* REQUIREMENT:
Only the pictures are dropped. Restate each line below word for word.

* DATA SHOWN:
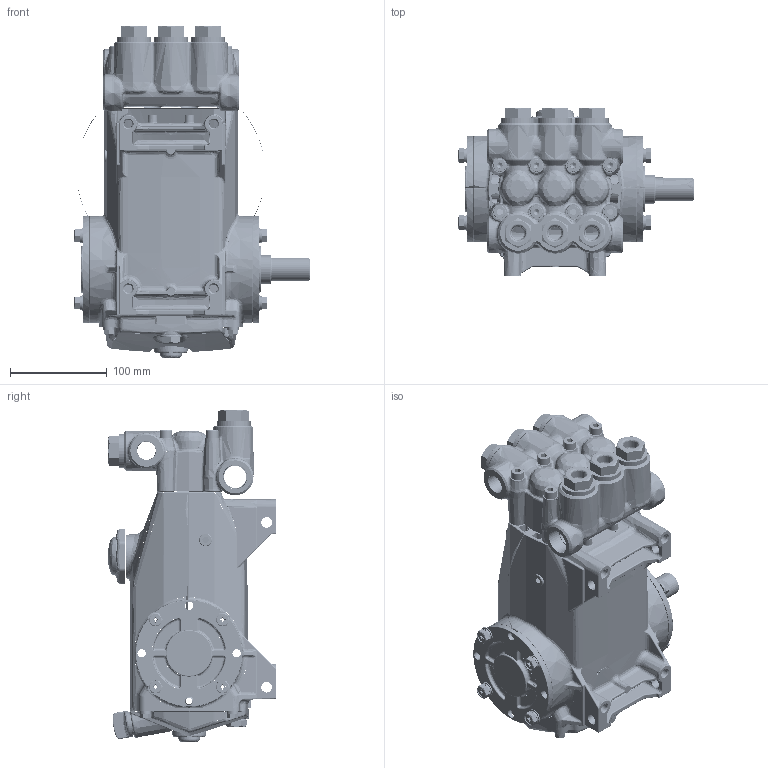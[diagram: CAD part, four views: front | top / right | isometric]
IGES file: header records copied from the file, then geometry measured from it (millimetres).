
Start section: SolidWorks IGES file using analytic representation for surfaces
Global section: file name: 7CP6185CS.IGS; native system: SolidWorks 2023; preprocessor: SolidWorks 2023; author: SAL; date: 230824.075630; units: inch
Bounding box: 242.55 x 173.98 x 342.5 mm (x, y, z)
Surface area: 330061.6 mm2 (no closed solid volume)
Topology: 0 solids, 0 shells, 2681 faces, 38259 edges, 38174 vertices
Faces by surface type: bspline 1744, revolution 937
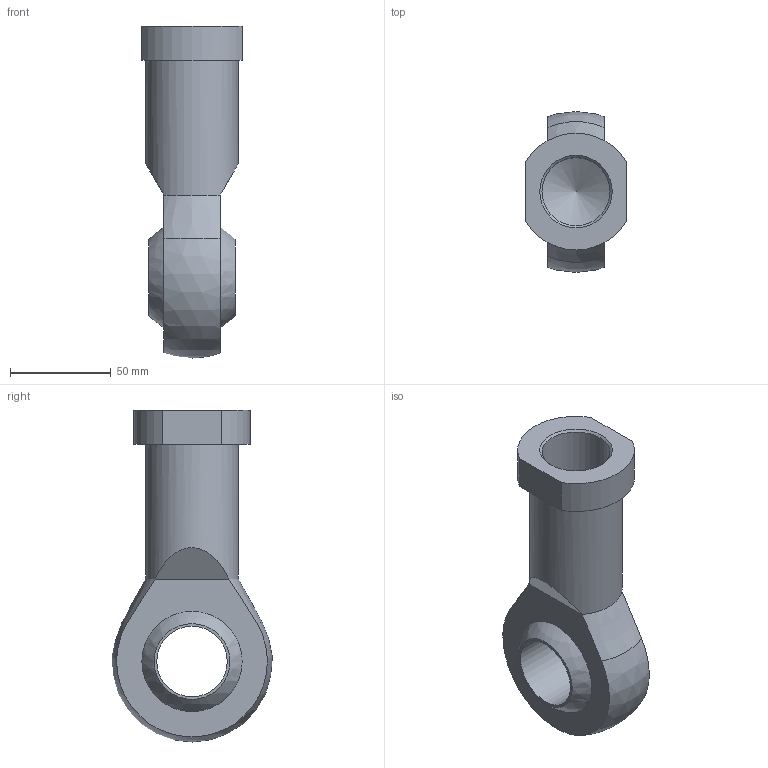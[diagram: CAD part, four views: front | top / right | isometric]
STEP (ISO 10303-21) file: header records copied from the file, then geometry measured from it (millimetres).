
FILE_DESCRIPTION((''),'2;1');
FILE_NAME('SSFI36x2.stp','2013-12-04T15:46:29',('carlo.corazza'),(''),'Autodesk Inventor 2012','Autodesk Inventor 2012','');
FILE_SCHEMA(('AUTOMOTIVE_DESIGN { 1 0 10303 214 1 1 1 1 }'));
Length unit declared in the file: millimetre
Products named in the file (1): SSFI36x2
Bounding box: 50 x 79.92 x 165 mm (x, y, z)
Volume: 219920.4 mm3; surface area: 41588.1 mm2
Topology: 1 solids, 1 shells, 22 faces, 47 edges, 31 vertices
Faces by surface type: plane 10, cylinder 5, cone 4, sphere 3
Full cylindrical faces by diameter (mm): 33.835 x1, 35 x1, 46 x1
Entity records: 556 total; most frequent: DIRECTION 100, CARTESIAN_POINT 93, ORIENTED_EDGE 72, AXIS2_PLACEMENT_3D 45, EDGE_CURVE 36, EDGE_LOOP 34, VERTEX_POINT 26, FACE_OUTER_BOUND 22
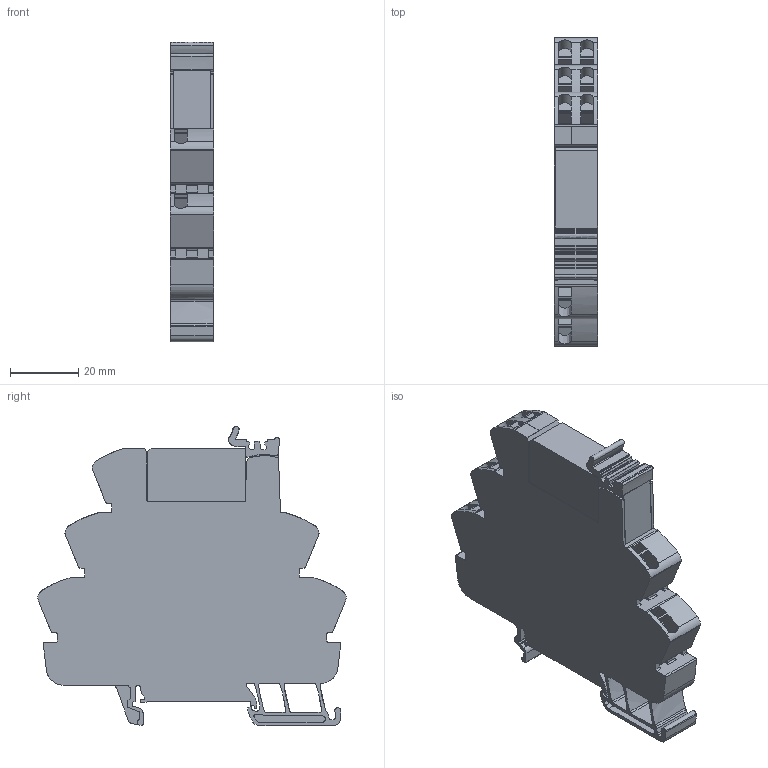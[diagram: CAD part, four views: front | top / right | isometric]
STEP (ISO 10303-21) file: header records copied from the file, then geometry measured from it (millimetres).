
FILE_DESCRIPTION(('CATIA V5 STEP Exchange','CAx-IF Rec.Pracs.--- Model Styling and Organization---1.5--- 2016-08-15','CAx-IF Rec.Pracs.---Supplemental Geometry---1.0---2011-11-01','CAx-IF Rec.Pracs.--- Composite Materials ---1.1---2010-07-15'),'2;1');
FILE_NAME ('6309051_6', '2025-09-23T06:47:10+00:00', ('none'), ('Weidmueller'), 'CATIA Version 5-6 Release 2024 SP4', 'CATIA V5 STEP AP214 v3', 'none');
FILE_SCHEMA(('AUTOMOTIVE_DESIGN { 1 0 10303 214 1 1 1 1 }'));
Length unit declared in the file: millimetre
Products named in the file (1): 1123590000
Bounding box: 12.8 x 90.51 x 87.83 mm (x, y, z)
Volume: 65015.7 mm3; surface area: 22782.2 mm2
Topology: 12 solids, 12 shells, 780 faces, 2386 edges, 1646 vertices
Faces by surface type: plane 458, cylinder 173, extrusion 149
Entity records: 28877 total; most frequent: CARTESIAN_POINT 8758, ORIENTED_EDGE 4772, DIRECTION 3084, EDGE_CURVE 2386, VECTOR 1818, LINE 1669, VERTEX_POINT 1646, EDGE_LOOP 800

* THE ANSWER:
[diagram: CAD part, four views: front | top / right | isometric]
IGES file: header records copied from the file, then geometry measured from it (millimetres).
Start section: SolidWorks IGES file using analytic representation for surfaces
Global section: file name: 7CP6185CS.IGS; native system: SolidWorks 2023; preprocessor: SolidWorks 2023; author: SAL; date: 230824.075630; units: inch
Bounding box: 242.55 x 173.98 x 342.5 mm (x, y, z)
Surface area: 330061.6 mm2 (no closed solid volume)
Topology: 0 solids, 0 shells, 2681 faces, 38259 edges, 38174 vertices
Faces by surface type: bspline 1744, revolution 937
[diagram: CAD part, four views: front | top / right | isometric]
STEP (ISO 10303-21) file: header records copied from the file, then geometry measured from it (millimetres).
FILE_DESCRIPTION((''),'2;1');
FILE_NAME('SSFI36x2.stp','2013-12-04T15:46:29',('carlo.corazza'),(''),'Autodesk Inventor 2012','Autodesk Inventor 2012','');
FILE_SCHEMA(('AUTOMOTIVE_DESIGN { 1 0 10303 214 1 1 1 1 }'));
Length unit declared in the file: millimetre
Products named in the file (1): SSFI36x2
Bounding box: 50 x 79.92 x 165 mm (x, y, z)
Volume: 219920.4 mm3; surface area: 41588.1 mm2
Topology: 1 solids, 1 shells, 22 faces, 47 edges, 31 vertices
Faces by surface type: plane 10, cylinder 5, cone 4, sphere 3
Full cylindrical faces by diameter (mm): 33.835 x1, 35 x1, 46 x1
Entity records: 556 total; most frequent: DIRECTION 100, CARTESIAN_POINT 93, ORIENTED_EDGE 72, AXIS2_PLACEMENT_3D 45, EDGE_CURVE 36, EDGE_LOOP 34, VERTEX_POINT 26, FACE_OUTER_BOUND 22
[diagram: CAD part, four views: front | top / right | isometric]
STEP (ISO 10303-21) file: header records copied from the file, then geometry measured from it (millimetres).
FILE_DESCRIPTION(('CATIA V5 STEP Exchange','CAx-IF Rec.Pracs.--- Model Styling and Organization---1.5--- 2016-08-15','CAx-IF Rec.Pracs.---Supplemental Geometry---1.0---2011-11-01','CAx-IF Rec.Pracs.--- Composite Materials ---1.1---2010-07-15'),'2;1');
FILE_NAME ('6309051_6', '2025-09-23T06:47:10+00:00', ('none'), ('Weidmueller'), 'CATIA Version 5-6 Release 2024 SP4', 'CATIA V5 STEP AP214 v3', 'none');
FILE_SCHEMA(('AUTOMOTIVE_DESIGN { 1 0 10303 214 1 1 1 1 }'));
Length unit declared in the file: millimetre
Products named in the file (1): 1123590000
Bounding box: 12.8 x 90.51 x 87.83 mm (x, y, z)
Volume: 65015.7 mm3; surface area: 22782.2 mm2
Topology: 12 solids, 12 shells, 780 faces, 2386 edges, 1646 vertices
Faces by surface type: plane 458, cylinder 173, extrusion 149
Entity records: 28877 total; most frequent: CARTESIAN_POINT 8758, ORIENTED_EDGE 4772, DIRECTION 3084, EDGE_CURVE 2386, VECTOR 1818, LINE 1669, VERTEX_POINT 1646, EDGE_LOOP 800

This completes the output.